Lake eighth-grader Marcus Christopher recently turned pro as a BMX freestyle rider, moving up from the amateur ranks when he was invited to compete in a professional event in Las Vegas. The Las Vegas Throwdown BMX Big Air Spectacle was a chance to battle against the best in the country, with 15 other pros in the field.
LAKE TWP. Most middle school students enjoy after-school activities like basketball, swimming, video games or keeping up with friends on social media.
Lake eighth-grader Marcus Christopher is busy with something a bit different when he’s not in the classroom. Christopher, 13, recently turned pro as a BMX freestyle rider, moving up from the amateur ranks when he was invited to compete in a professional event in Las Vegas. The Las Vegas Throwdown BMX Big Air Spectacle was a chance to battle against the best in the country, with 15 other pros in the field.

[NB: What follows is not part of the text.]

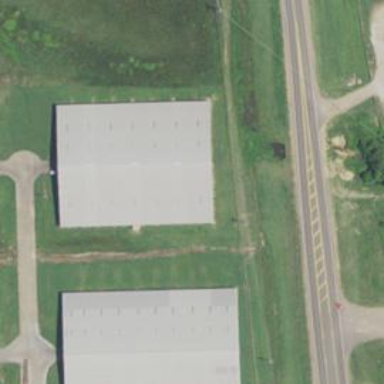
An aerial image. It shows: Warehouse.

“Basically where BMX is at right now in the freestyle world, a lot of events are pro invite-only contests, so there are only professional riders,” Marcus’ father, Matt Christopher, said. “For the Vegas dirt competition he did a few weeks ago, it was pro only and once you get a pro invitation, there’s no turning back because if you ride in an amateur event, you’re kind of looked at as a ringer.”

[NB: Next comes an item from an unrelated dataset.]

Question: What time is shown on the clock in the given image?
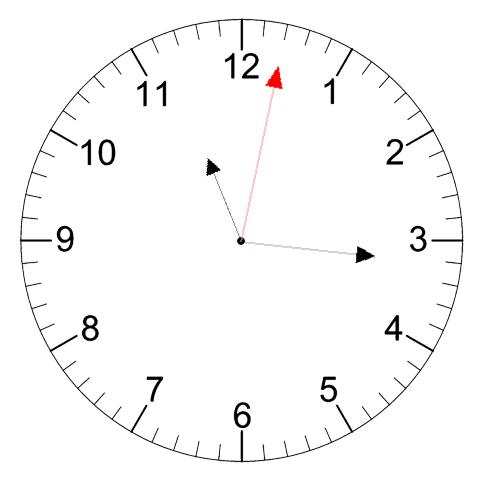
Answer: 11:16:02

Marcus started riding BMX when he was four and raced for six years before switching over to freestyle, a type of competition that can see him fly as high as 25 feet in the air. If he lands safely, it’s still a high-impact return to earth, but so far, he’s avoided a lot of injuries. A broken hand from a hard landing a few months ago is the most serious hit Marcus has taken and, ironically, it came on what he and his father described as a simple trick.
Still, the scariest part of the process in turning pro hasn’t been potential injuries, but rather the rise in competition and pressure.
“It was a little scary because I’ve been watching a lot of those guys on TV for a long time,” Marcus said.
Riding in pro events can bring in winnings ranging from $4,000 to $10,000, but according to Matt Christopher, the prize money isn’t the primary source of income for pro riders. That comes from sponsors, who pay big money to have riders wear their gear and serve as high-flying billboards for their products.
Marcus has sponsors for everything from his bike to his protective gear to his gloves and shoes and maintaining a good relationship with each sponsor is vital for a rider.
Having a sponsor put a rider on their pro team is the goal for competitors such as Marcus, whether they’re 13 or 23. Marcus may be younger than most of his fellow riders, but that doesn’t mean he is any less dedicated to his craft. He still has to keep up with his school work, where his favorite subject is science, but when he’s not in class, he’s often on a bike somewhere in Northeast Ohio.
“In the summer, usually ride between four and six days a week. In the winter, it’s usually one or two,” Marcus said.
In the summer, he can ride in his own back yard, but in the winter, he and his father have to drive up to the Cleveland area to ride at one of several indoor facilities there. Marcus often naps on the way to the facility, getting a little rest before he rides.
His riding career has taken him much further than Cuyahoga County, including a show in Austria last year when he rode at a three-day action sports event that drew crowds of as many as 16,000 people. He plans to return to the same event this March, so he’ll have to take his school work with him when he goes.
“When I miss school for events, I have to take a vacation day,” Marcus said, adding that taking time out of a trip to do homework “isn’t much fun.”
His mother, Lori, doesn’t travel to most events because Marcus’ younger brother, Charlie, is active playing football and basketball, so she stays home to make sure he gets to games and practices.
When it comes to competing, Marcus’ favorite part of the process is learning new tricks. His father, a former football player at Lake, noted that competing builds Marcus’ confidence. Matt credits his son’s calm, laid-back demeanor with helping him handle the pressure of competition, which can include all sorts of 360-degree variations, backflips, front flips and flairs.
When he’s at school, Marcus enjoys being a normal student and enjoys the same kinds of activities as his classmates. He may be earning more money than your average teenager once the final bell rings, but being a kid is still his primary job and one he’ll continue doing as he chases success soaring through the air.